What is required: Omit every picture and write out the rest of the records exactly.
┌──
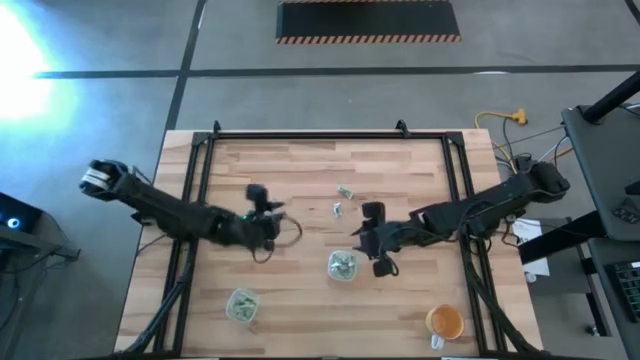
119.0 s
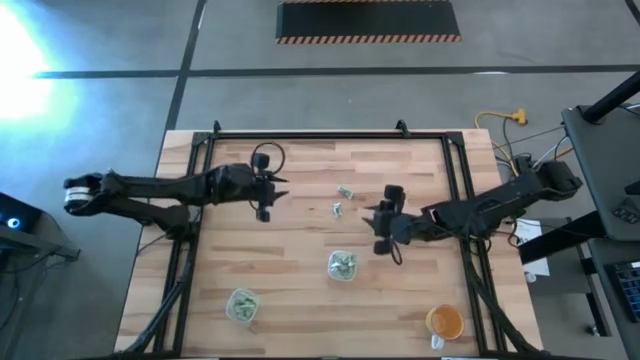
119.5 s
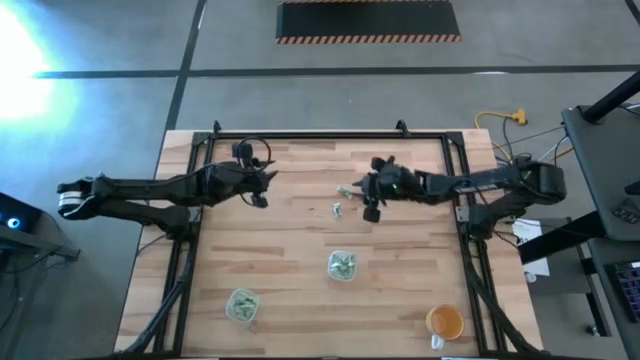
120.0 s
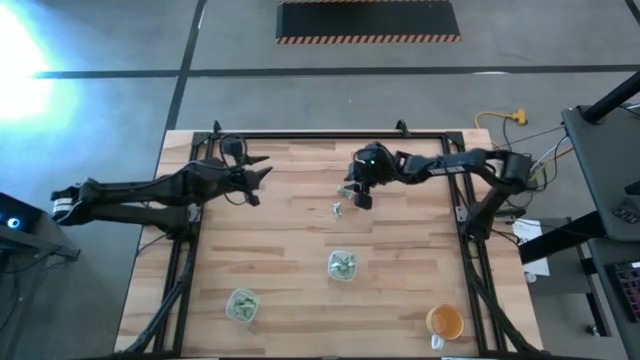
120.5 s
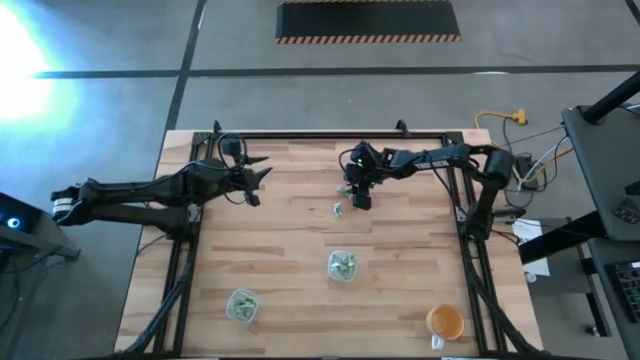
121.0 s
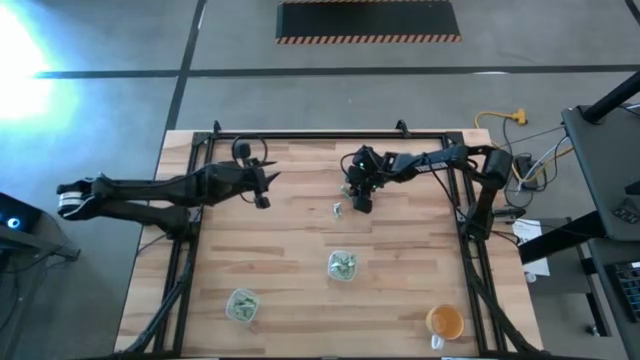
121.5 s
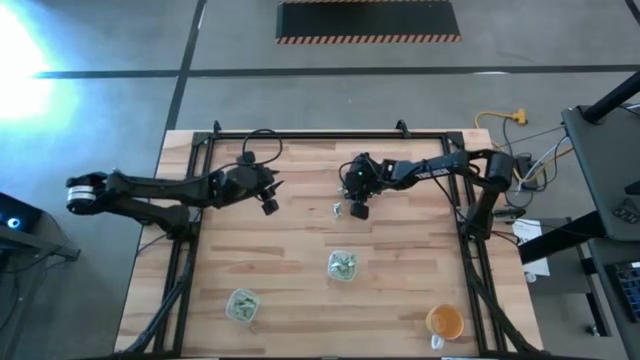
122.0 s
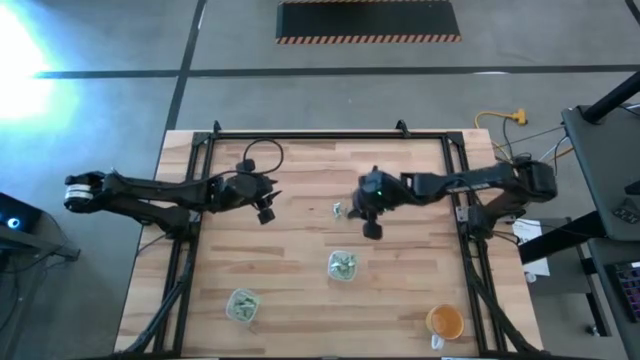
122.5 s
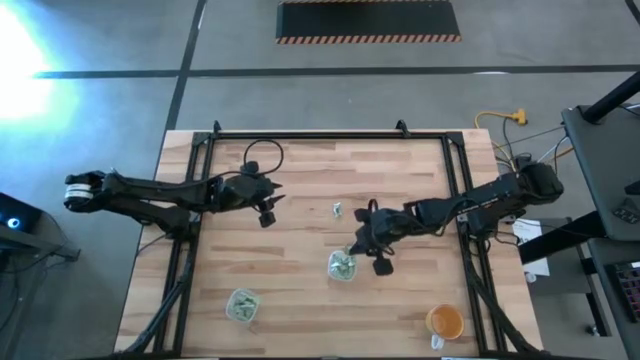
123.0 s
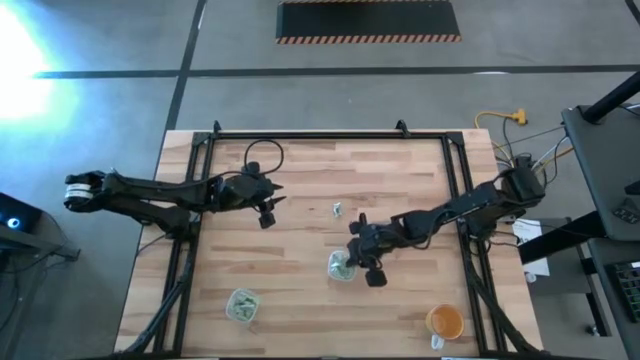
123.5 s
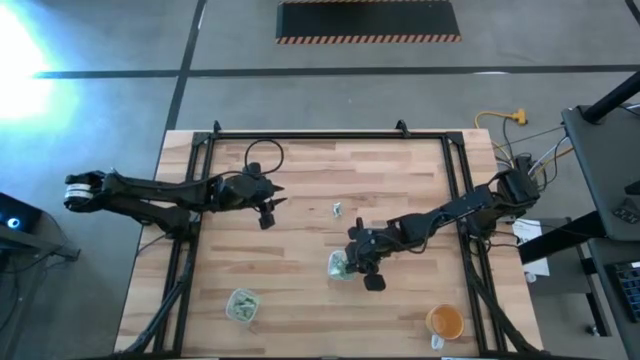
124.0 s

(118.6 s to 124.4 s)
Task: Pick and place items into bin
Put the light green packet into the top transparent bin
└──
Your response:
119.0 s
119.5 s
120.0 s
120.5 s
121.0 s
121.5 s
122.0 s
122.5 s
123.0 s
123.5 s
124.0 s

(118.6 s to 124.4 s)
Task: Pick and place items into bin
Put the light green packet into the top transparent bin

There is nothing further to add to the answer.